Cambodia’s Mass Faintings Continue
Cambodia’s mass fainting episodes continue to rise. On November 19, a farmer sprayed insecticide on rice in Kandal province, prompting 100 workers in a nearby South Korean-owned toy factory to become weak, dizzy, vomit, and faint. Thus far in 2015, 1200 Cambodian factory workers have fainted. The faintings tend to occur with factory workers— vulnerable to sub-par and stressful working conditions, poverty, and malnutrition—and the episodes are considered to be a “mass psychogenic illness” among the workers. Earlier this month, one garment worker died and 21 garment workers were hospitalized after a mass fainting at a Chinese-owned factory. Students are now suffering from fainting episodes. On November 14, Cham Muslim students fainted at their boarding house in Tbong Khmum province. The female students told police that they saw shadows of people underneath the stilted building, prior to the mass fainting. The possibility of a poison attack is being investigated in the community, which is facing increased discrimination against Muslims. Their nearby school, which was built by and intended for Muslims, has previously been subjected to vandalism. The school’s owner claims that he received a death threat this month, threatening his life if he did not turn the school over to the Cham people in the village. The police are still investigating the motives behind the attack and have not made any arrests.

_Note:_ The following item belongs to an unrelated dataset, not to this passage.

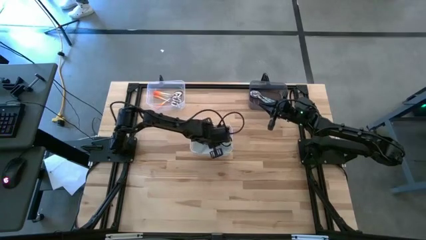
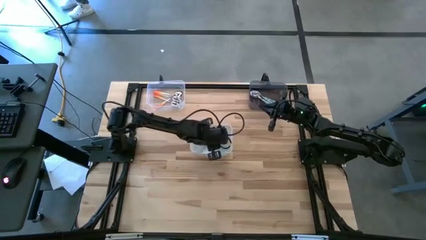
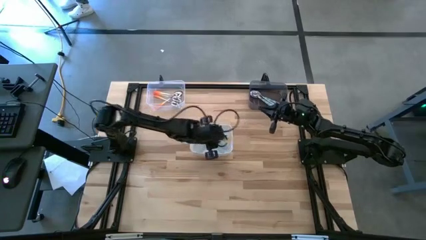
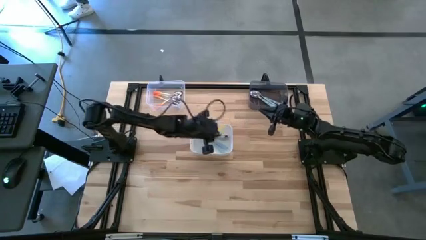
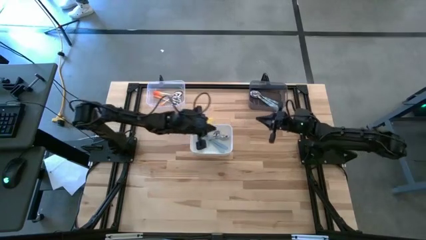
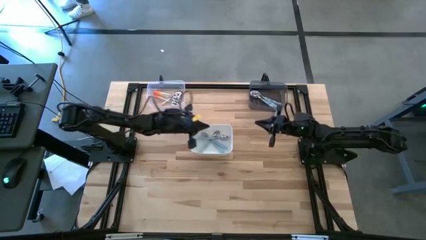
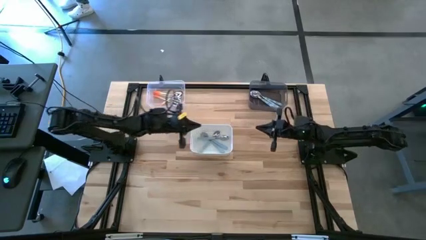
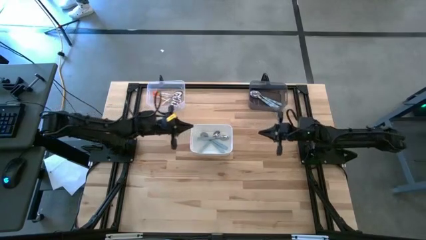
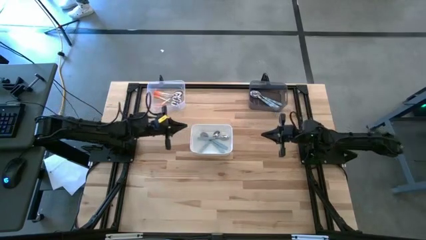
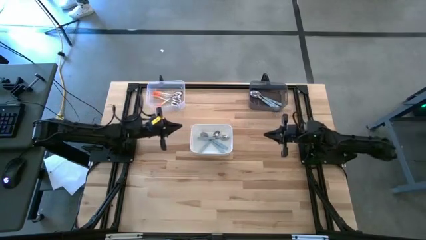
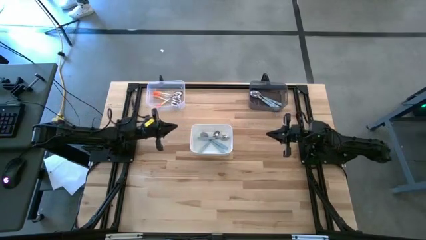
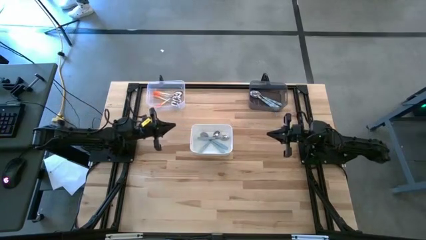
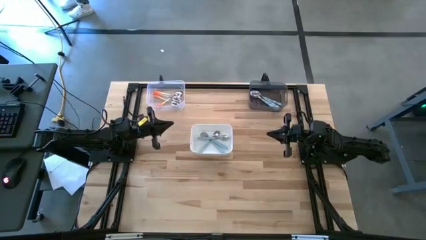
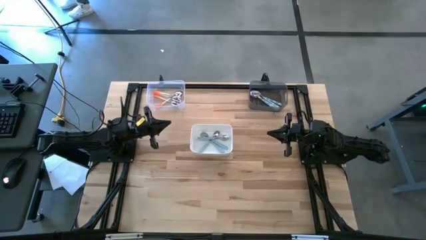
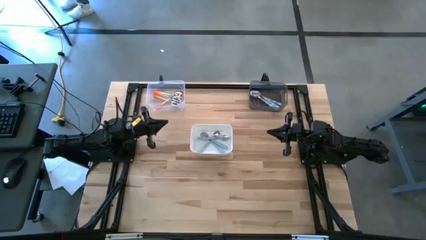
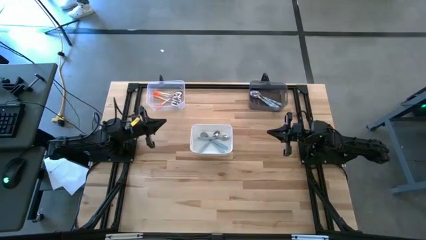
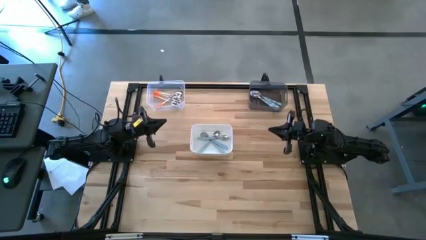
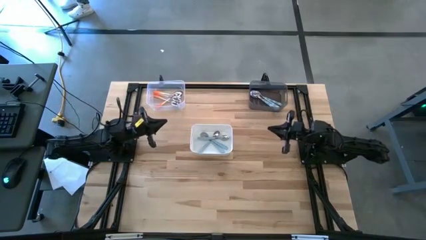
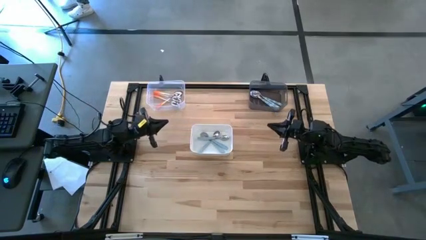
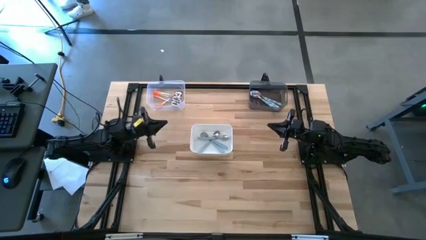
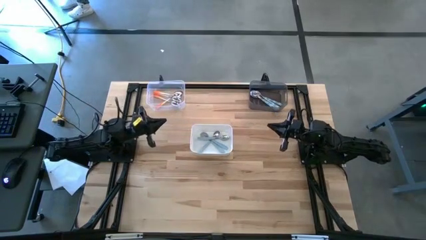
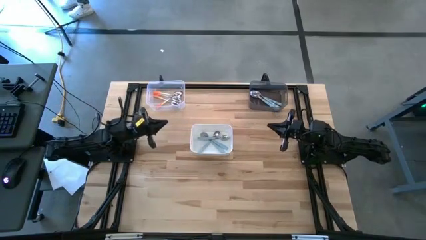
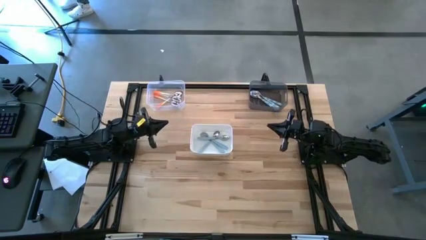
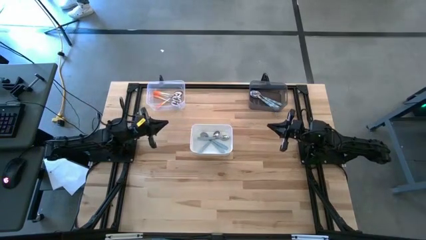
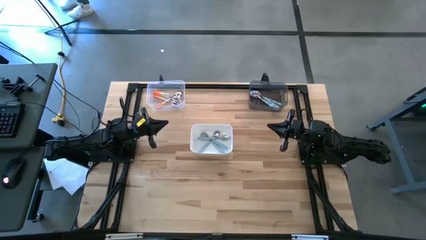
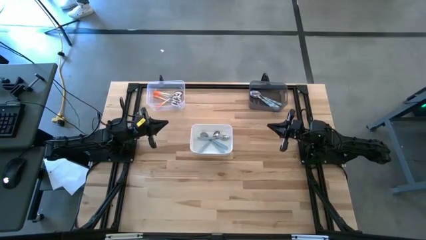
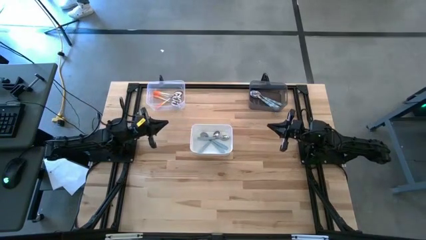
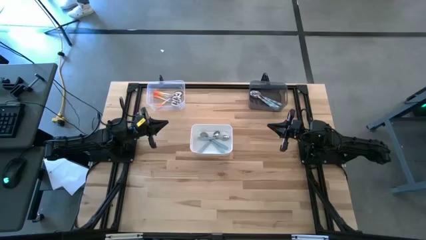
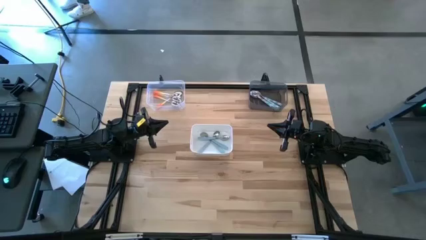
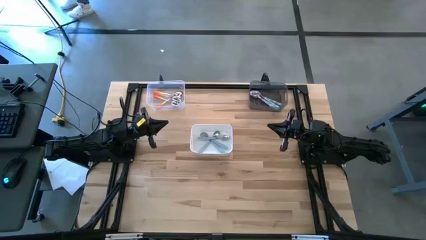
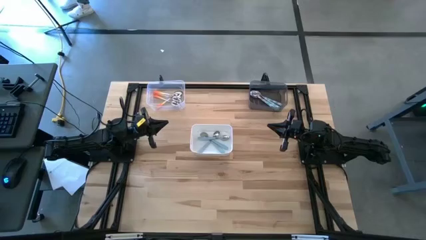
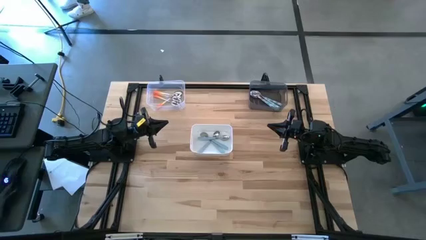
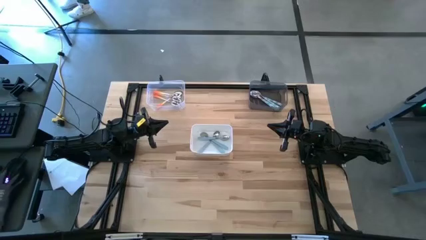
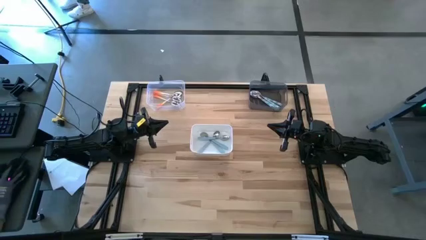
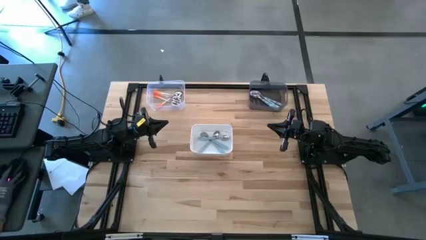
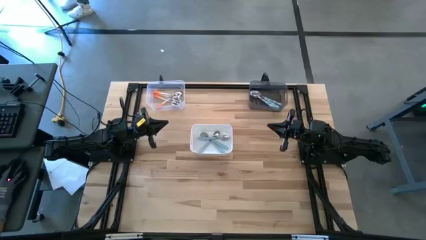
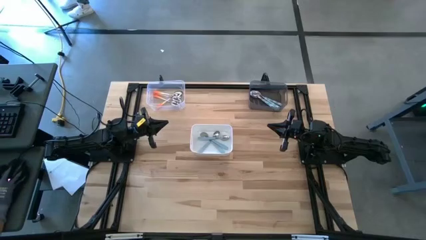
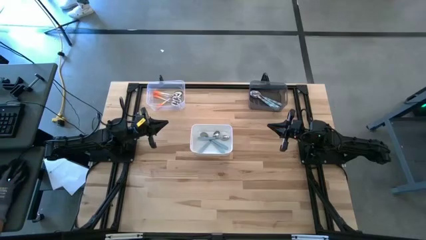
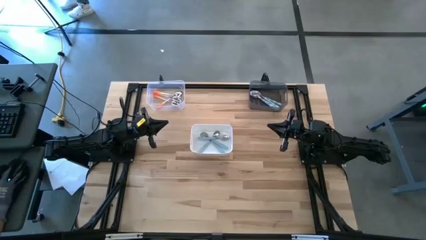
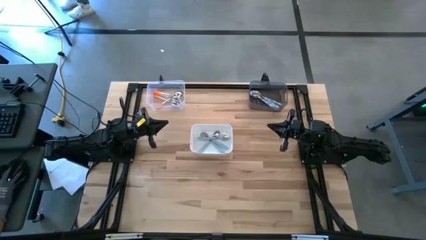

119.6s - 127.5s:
Task: Sort silverware by color (type)
Return to Home Position

David, Sen. “Muslim schoolgirls ‘gassed’ in Tbong Khmum.” The Phnom Penh Post. November 17, 2015.
Mass faintings strike Cambodian factories. The Nation: Pakistan. November 21, 2015.
Sokhean, Ben. Death Threat Preceded Mass Fainting. The Cambodia Daily. November 19, 2015.
Sokhean, Ben. Mass Fainting at Factory After Farmer Uses Insecticide Nearby. The Cambodia Daily. November 20, 2015.